**** MATERIAL PROVIDED

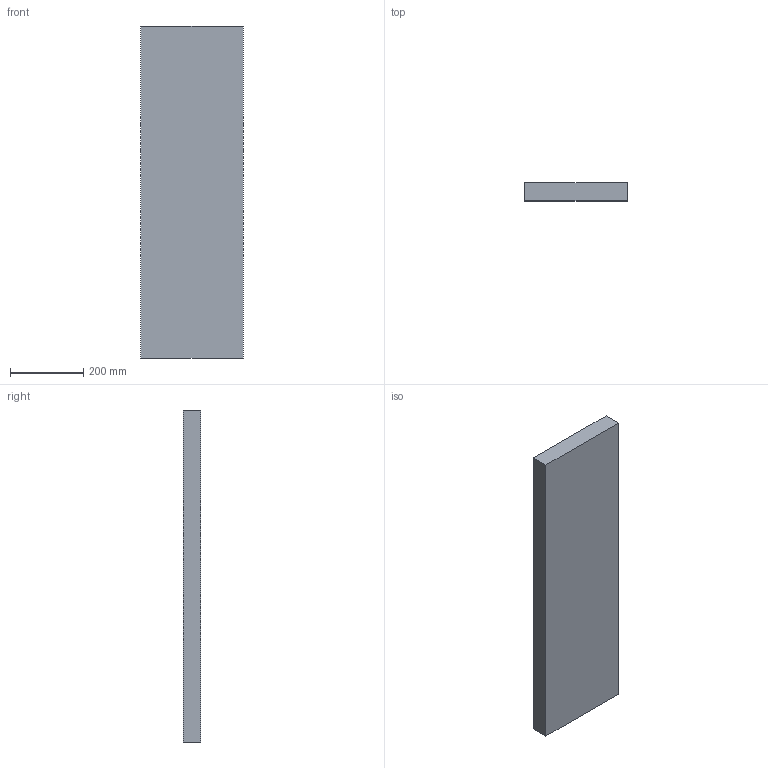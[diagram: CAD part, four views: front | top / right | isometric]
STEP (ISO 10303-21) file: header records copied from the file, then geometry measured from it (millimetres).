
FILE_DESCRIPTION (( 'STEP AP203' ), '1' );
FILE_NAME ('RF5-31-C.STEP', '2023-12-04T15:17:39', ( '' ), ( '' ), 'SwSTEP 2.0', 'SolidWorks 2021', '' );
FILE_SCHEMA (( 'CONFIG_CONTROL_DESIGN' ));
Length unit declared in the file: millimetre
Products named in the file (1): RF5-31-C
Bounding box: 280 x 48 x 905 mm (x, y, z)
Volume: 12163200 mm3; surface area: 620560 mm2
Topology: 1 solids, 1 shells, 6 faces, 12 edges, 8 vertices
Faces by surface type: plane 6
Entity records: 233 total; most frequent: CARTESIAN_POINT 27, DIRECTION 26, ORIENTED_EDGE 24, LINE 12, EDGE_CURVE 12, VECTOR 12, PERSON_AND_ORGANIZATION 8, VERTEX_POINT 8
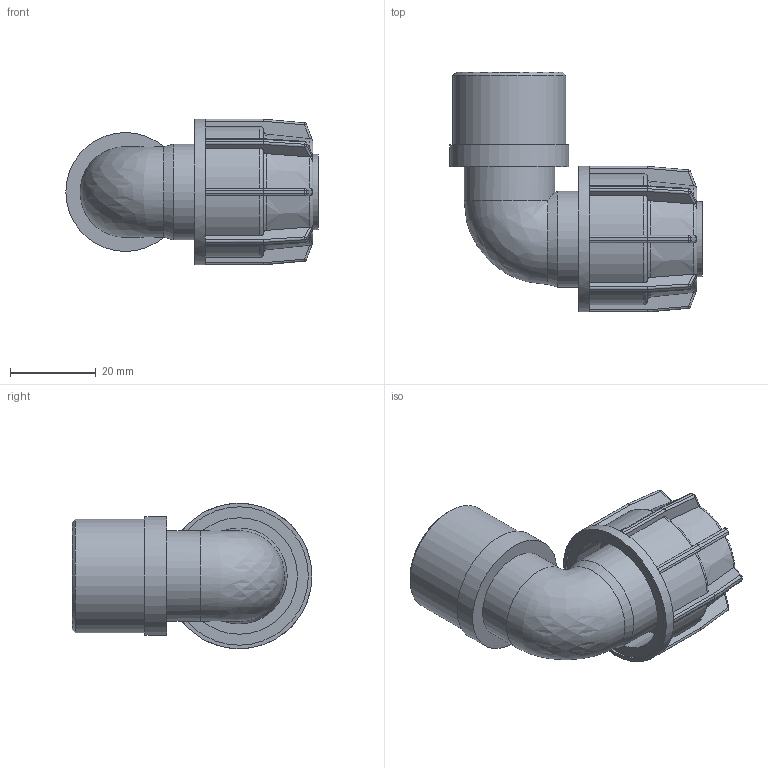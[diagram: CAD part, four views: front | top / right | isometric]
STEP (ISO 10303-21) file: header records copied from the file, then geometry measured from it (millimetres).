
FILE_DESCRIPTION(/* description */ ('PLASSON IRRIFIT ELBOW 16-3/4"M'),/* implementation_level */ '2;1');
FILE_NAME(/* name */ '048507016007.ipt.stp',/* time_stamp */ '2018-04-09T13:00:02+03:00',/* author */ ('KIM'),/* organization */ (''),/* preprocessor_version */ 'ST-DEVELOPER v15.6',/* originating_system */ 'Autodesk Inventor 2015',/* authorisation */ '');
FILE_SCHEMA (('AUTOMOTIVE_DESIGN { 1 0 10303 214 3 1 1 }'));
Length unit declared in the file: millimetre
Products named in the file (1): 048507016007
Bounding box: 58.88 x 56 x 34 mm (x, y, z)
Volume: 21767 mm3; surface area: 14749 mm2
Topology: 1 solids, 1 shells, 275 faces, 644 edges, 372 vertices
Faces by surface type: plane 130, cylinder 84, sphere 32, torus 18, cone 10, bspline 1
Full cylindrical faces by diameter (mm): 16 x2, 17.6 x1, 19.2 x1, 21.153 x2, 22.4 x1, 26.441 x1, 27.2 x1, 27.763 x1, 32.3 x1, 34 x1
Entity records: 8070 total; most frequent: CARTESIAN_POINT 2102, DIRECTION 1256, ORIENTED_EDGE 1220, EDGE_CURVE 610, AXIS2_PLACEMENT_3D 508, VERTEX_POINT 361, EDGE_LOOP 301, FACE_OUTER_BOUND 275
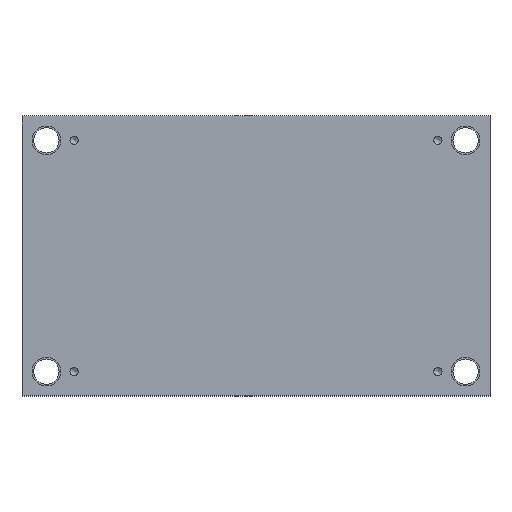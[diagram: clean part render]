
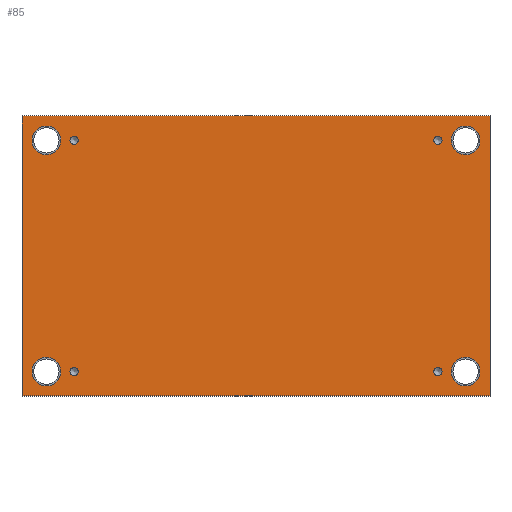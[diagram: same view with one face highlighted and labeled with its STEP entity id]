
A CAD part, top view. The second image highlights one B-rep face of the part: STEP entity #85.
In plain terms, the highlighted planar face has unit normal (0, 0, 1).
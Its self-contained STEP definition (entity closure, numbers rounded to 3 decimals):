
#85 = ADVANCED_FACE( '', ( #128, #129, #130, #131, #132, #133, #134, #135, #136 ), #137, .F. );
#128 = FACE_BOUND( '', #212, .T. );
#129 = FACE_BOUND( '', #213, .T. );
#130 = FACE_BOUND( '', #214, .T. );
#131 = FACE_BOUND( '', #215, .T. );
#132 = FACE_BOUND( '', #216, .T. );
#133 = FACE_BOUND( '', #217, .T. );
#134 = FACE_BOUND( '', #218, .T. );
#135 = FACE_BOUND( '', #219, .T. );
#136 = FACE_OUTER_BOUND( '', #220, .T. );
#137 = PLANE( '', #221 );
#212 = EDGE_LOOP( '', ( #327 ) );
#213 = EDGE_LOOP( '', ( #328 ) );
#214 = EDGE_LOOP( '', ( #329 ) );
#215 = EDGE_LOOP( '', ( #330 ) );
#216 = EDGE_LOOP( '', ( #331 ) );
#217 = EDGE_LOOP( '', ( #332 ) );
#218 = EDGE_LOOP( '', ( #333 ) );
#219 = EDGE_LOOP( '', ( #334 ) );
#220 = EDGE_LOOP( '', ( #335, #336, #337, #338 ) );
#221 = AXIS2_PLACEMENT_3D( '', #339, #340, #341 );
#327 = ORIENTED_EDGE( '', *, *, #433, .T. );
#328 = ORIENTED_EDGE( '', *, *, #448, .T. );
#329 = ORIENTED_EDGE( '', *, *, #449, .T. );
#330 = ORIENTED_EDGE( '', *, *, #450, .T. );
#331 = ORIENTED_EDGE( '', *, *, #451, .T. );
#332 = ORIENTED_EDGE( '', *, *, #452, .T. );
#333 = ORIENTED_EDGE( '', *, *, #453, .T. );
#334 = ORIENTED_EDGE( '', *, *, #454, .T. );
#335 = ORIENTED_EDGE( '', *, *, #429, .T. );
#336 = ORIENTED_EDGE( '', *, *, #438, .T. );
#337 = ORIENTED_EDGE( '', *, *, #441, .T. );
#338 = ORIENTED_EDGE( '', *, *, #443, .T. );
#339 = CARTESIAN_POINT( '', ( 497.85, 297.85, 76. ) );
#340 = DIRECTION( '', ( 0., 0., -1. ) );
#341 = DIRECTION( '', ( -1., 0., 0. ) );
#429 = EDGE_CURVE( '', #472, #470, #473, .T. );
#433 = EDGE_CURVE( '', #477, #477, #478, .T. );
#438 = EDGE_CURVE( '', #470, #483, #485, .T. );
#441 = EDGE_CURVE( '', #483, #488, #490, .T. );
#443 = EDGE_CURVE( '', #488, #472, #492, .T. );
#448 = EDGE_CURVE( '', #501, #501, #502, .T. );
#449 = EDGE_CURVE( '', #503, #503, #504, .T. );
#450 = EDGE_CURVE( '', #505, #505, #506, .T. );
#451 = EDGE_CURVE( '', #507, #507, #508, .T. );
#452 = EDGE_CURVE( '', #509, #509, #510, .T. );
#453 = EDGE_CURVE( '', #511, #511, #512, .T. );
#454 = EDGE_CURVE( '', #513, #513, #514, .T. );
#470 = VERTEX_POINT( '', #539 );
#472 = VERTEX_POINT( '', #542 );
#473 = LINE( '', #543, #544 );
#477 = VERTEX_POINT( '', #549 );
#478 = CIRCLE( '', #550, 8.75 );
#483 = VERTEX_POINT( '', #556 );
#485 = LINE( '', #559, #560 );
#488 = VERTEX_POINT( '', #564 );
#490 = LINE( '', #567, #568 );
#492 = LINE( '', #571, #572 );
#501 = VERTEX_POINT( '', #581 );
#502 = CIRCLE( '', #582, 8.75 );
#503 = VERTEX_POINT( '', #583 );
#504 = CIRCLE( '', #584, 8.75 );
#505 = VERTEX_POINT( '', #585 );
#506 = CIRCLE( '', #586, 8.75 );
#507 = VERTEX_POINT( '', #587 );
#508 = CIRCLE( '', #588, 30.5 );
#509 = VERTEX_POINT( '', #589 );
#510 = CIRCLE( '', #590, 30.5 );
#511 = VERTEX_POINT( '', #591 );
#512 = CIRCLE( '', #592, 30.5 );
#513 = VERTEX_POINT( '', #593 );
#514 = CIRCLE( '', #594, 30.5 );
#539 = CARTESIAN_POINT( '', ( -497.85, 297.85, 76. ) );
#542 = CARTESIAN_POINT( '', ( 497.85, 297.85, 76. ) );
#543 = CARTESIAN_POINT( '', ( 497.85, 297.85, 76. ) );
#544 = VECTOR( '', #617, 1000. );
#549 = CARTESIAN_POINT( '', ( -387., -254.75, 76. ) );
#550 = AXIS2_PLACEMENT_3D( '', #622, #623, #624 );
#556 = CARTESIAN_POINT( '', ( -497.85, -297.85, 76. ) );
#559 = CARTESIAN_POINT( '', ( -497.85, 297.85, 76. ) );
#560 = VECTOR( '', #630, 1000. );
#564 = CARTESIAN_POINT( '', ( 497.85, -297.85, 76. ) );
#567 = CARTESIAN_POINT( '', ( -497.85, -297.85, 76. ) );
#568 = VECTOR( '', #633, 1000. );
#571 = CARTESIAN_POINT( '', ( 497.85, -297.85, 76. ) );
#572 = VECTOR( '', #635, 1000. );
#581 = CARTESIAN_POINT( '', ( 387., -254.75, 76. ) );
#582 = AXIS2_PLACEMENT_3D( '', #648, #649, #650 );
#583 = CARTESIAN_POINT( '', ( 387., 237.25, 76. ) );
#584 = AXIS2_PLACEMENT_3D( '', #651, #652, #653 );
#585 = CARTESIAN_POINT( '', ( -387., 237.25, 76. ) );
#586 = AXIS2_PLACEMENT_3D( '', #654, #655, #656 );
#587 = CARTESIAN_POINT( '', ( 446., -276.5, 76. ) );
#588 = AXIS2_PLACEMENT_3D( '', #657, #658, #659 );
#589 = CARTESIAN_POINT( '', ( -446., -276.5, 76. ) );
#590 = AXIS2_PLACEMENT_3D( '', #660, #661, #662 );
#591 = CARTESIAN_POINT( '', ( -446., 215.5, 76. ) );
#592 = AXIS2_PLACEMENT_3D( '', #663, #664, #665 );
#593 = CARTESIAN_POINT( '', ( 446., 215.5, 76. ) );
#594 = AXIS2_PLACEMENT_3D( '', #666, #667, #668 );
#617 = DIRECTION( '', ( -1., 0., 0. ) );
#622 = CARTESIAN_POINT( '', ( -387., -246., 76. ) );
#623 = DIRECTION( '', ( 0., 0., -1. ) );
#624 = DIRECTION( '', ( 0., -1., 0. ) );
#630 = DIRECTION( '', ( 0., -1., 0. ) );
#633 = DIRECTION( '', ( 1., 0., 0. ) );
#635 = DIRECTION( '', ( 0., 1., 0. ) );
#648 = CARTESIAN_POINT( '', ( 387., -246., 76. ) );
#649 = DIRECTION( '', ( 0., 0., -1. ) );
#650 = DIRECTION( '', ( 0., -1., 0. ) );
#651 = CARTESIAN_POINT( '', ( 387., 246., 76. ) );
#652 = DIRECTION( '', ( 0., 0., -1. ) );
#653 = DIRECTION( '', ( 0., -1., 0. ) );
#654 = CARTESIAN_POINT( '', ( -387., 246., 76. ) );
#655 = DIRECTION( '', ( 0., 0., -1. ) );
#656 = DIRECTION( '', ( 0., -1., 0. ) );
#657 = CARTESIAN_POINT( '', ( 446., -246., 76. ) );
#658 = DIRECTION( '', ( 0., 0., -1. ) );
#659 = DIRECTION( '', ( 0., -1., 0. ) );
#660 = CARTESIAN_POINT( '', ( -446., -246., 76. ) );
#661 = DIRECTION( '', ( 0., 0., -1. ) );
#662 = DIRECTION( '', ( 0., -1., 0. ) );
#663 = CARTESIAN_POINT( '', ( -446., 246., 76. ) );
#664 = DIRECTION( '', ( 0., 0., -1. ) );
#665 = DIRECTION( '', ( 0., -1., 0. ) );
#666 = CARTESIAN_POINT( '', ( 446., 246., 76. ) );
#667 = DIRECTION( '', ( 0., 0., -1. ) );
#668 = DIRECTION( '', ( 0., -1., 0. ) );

********

**TASK INSTRUCTIONS:** In the data above, retype exactly and only the lines between the one holding "#473 = LINE( '', #543, #544 );" and the one holding "#514 = CIRCLE( '', #594, 30.5 );", inclusive.

**SOLVED EXERCISE:**
#473 = LINE( '', #543, #544 );
#477 = VERTEX_POINT( '', #549 );
#478 = CIRCLE( '', #550, 8.75 );
#483 = VERTEX_POINT( '', #556 );
#485 = LINE( '', #559, #560 );
#488 = VERTEX_POINT( '', #564 );
#490 = LINE( '', #567, #568 );
#492 = LINE( '', #571, #572 );
#501 = VERTEX_POINT( '', #581 );
#502 = CIRCLE( '', #582, 8.75 );
#503 = VERTEX_POINT( '', #583 );
#504 = CIRCLE( '', #584, 8.75 );
#505 = VERTEX_POINT( '', #585 );
#506 = CIRCLE( '', #586, 8.75 );
#507 = VERTEX_POINT( '', #587 );
#508 = CIRCLE( '', #588, 30.5 );
#509 = VERTEX_POINT( '', #589 );
#510 = CIRCLE( '', #590, 30.5 );
#511 = VERTEX_POINT( '', #591 );
#512 = CIRCLE( '', #592, 30.5 );
#513 = VERTEX_POINT( '', #593 );
#514 = CIRCLE( '', #594, 30.5 );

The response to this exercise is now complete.